Olympics-Russians, Belarusians to participate at Paris Olympics as neutrals - IOC

FILE PHOTO: A view shows the Olympic Rings in front of the Olympic House, headquarters of the International Olympic Committee (IOC), during the executive board meeting of the International Olympic Committee (IOC), in Lausanne, Switzerland, March 28, 2023. REUTERS/Denis Balibouse

BERLIN (Reuters) - Russians and Belarusians who qualify in their sport for the Paris 2024 Olympics can take part as neutrals without flags, emblems or anthems at the event next year, the International Olympic Committee (IOC) said on Friday.

Russians and Belarusians had initially been banned from competing internationally following Russia's invasion of Ukraine last year, for which Belarus has been used as a staging ground.

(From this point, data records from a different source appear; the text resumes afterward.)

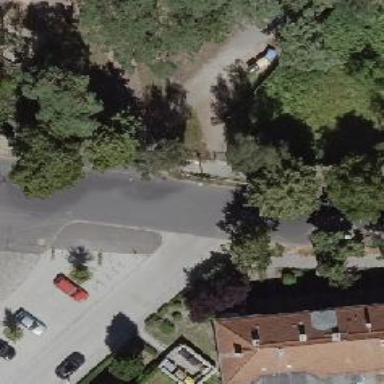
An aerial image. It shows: Sidewalk.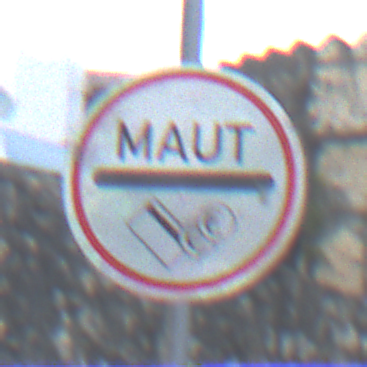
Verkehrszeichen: MautflichtigeStrecke
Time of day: MorningAfternoon
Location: Outdoor (Suburban)
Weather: PartlyCloudy
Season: NotSpecified
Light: Natural
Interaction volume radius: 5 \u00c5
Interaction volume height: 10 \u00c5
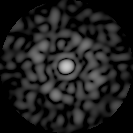
Disorder parameter: 0.843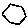
Label: hexagon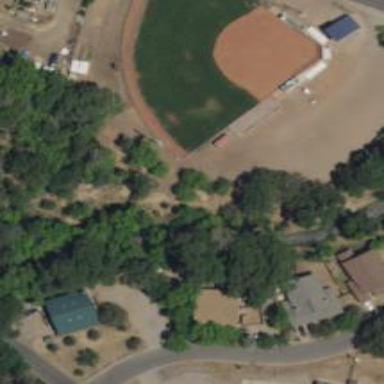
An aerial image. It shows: Baseball pitch for leisure and sports activities.
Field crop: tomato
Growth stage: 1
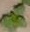
Species: solanum
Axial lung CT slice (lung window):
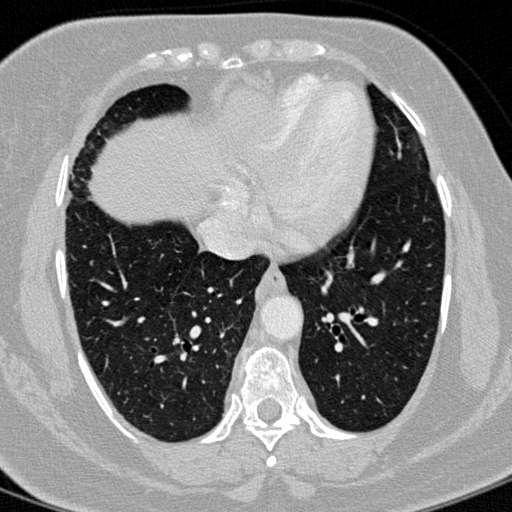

In March, however, the IOC issued a first set of recommendations for international sports federations to allow Russian and Belarusian competitors to return and they have since done so in most events.

Athletics, the Games' biggest sport, is unlikely to open the door for them to return to competition, however, after banning them following the invasion and sticking to it on Friday.

Ukraine's Foreign Minister Dmytro Kuleba condemned what he said was a "shameful" IOC decision while Russia's Sports Minister Oleg Matytsin called the conditions set by the IOC for Russian athletes' participation at the Olympics "discriminatory."

"The Executive Board (EB) of the IOC has decided that Individual Neutral Athletes (AINs) who have qualified through the existing qualification systems of the International Federations (IFs) on the field of play will be declared eligible to compete at the Olympic Games Paris 2024," the Olympic body said in a statement.

"Individual Neutral Athletes are athletes with a Russian or Belarusian passport."

The neutral athletes will only compete in individual sports and no teams for the two countries will be allowed. Athletes who actively support the war in Ukraine are not eligible, nor are those contracted to the Russian or Belarusian military.

The IOC also said no Russian or Belarusian government or state official would be invited to or accredited for Paris 2024.

But athletes, it added, should not be punished for the actions of their governments.

While Paris Games organisers 'took note' of the IOC decision, it drew angry responses from Ukraine and Russia.

"The IOC essentially gave Russia the green light to weaponize the Olympics," Ukraine's foreign minister Kuleba said on X.

"Because the Kremlin will use every Russian and Belarusian athlete as a weapon in its propaganda warfare. I urge all partners to strongly condemn this shameful decision, which undermines Olympic principles," Kuleba added.

Ukraine's acting sports minister Matviy Bidnyy said his country's participation at the Paris Games would be decided after talks with the political and sports leadership.

"Regarding Ukraine's participation in the 2024 Olympic and Paralympic Games, we will make a decision later, after consulting with the Ukrainian sports community and the country's top political leadership," Bidnyy said.

Russia's Sports Minister Matytsin said the IOC's approach was "unacceptable".

"Participation in the Olympics is an athlete’s dream. But the conditions are discriminatory and go against the principles of sports," he was quoted by TASS news agency.

"By doing so, they harm the Olympic Games themselves, and not Russian sports. The approach is absolutely unacceptable."

Out of 4,600 athletes globally who have qualified for the Games so far, eight are Russians and three hold Belarusian passports. More than 60 Ukrainians have qualified.


Athletics’ suspension of Russia for state-sponsored doping was lifted this year but, after the invasion of Ukraine, which Moscow called a "special military operation", all Russians and Belarusians were banned from the sport.

In response to the IOC decision on Friday, World Athletics (WA) said: "All athletes, support personnel and officials from Russia and Belarus are excluded from all World Athletics Series events, and from hosting any International or European athletics events.

"We will continue to monitor the situation, but unless there is a major change in circumstances between now and the Olympic Games, this exclusion will apply to Paris 2024.

"It is the IOC’s remit to decide which countries are invited to participate at the Olympic Games, but it is the responsibility of the IFs (international federations) to decide which athletes within their sport are eligible to compete."

At August’s World Championships in Budapest, WA president Sebastian Coe said it would have been "inconceivable" for Russians and Belarusians to have competed, saying that the ban was for "reasons of integrity".